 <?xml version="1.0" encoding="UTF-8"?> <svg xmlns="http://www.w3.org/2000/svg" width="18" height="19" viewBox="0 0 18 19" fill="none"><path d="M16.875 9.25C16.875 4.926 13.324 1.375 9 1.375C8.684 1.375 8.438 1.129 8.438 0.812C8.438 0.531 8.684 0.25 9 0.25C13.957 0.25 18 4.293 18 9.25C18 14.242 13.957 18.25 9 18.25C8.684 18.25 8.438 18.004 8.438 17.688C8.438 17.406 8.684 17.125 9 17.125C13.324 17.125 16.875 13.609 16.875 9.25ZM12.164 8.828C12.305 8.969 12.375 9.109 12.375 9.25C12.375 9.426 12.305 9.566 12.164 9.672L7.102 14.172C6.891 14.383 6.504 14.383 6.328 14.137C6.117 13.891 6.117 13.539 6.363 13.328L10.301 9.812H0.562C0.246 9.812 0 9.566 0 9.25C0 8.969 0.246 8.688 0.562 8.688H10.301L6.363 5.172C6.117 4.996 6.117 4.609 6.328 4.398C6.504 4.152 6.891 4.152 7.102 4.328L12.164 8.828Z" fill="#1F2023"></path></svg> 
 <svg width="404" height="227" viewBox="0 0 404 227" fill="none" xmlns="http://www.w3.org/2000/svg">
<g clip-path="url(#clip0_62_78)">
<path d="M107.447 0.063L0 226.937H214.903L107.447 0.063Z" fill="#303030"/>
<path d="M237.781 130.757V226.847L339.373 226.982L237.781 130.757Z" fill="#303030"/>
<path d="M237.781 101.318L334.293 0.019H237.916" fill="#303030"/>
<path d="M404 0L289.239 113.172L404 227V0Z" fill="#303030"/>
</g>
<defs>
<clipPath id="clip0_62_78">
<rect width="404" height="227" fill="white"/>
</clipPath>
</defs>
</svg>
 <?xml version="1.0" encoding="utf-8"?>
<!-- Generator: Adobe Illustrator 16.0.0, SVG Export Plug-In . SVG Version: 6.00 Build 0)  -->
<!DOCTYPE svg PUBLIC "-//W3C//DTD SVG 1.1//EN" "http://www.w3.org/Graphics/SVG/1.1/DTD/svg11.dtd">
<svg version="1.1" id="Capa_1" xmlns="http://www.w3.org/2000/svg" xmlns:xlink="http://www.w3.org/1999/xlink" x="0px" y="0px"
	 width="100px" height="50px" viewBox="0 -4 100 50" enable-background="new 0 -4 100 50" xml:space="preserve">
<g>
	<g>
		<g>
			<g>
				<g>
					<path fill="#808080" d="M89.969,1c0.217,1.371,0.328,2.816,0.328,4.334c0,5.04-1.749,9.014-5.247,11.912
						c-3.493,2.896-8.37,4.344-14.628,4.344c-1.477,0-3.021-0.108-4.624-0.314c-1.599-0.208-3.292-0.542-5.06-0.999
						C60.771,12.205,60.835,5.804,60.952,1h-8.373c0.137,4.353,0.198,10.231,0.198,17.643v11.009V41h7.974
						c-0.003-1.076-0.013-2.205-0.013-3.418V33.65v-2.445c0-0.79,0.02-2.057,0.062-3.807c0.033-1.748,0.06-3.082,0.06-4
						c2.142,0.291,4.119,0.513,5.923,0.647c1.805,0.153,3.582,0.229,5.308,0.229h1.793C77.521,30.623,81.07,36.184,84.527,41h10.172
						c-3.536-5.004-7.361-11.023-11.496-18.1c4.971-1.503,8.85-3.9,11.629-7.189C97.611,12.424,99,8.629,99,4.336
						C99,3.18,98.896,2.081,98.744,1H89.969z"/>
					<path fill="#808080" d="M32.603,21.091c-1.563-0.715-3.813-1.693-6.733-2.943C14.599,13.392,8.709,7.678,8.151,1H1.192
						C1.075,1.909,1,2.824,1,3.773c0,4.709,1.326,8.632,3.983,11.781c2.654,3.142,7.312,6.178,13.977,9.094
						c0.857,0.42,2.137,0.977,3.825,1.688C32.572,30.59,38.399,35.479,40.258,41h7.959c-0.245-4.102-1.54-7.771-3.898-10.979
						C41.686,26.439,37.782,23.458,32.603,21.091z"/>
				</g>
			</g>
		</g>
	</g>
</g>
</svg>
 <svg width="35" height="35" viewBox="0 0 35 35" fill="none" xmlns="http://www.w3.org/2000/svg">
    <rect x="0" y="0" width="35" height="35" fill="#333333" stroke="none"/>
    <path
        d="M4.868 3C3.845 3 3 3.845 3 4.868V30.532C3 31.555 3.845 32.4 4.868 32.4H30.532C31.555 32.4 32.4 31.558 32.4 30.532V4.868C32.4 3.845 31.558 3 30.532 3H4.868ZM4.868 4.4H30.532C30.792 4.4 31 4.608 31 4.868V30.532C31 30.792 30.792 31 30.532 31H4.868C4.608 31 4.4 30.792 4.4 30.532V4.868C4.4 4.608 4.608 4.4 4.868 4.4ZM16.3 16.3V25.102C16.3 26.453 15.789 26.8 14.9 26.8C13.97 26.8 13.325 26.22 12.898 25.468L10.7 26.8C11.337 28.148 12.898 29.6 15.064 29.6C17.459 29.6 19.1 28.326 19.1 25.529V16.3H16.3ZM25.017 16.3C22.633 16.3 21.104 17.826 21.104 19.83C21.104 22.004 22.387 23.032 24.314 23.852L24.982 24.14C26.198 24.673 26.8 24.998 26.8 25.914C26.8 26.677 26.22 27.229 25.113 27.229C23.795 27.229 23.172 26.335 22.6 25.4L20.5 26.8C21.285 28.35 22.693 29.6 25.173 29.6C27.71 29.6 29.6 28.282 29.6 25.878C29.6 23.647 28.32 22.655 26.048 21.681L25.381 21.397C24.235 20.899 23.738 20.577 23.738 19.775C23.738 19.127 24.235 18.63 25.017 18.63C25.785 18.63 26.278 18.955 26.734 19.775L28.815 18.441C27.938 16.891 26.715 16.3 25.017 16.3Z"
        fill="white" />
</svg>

_EXERCISE DESCRIPTION_
Track down all lines above with the string "white" and copy them.

_SOLUTION FOR THIS EXERCISE_
<rect width="404" height="227" fill="white"/>
        fill="white" />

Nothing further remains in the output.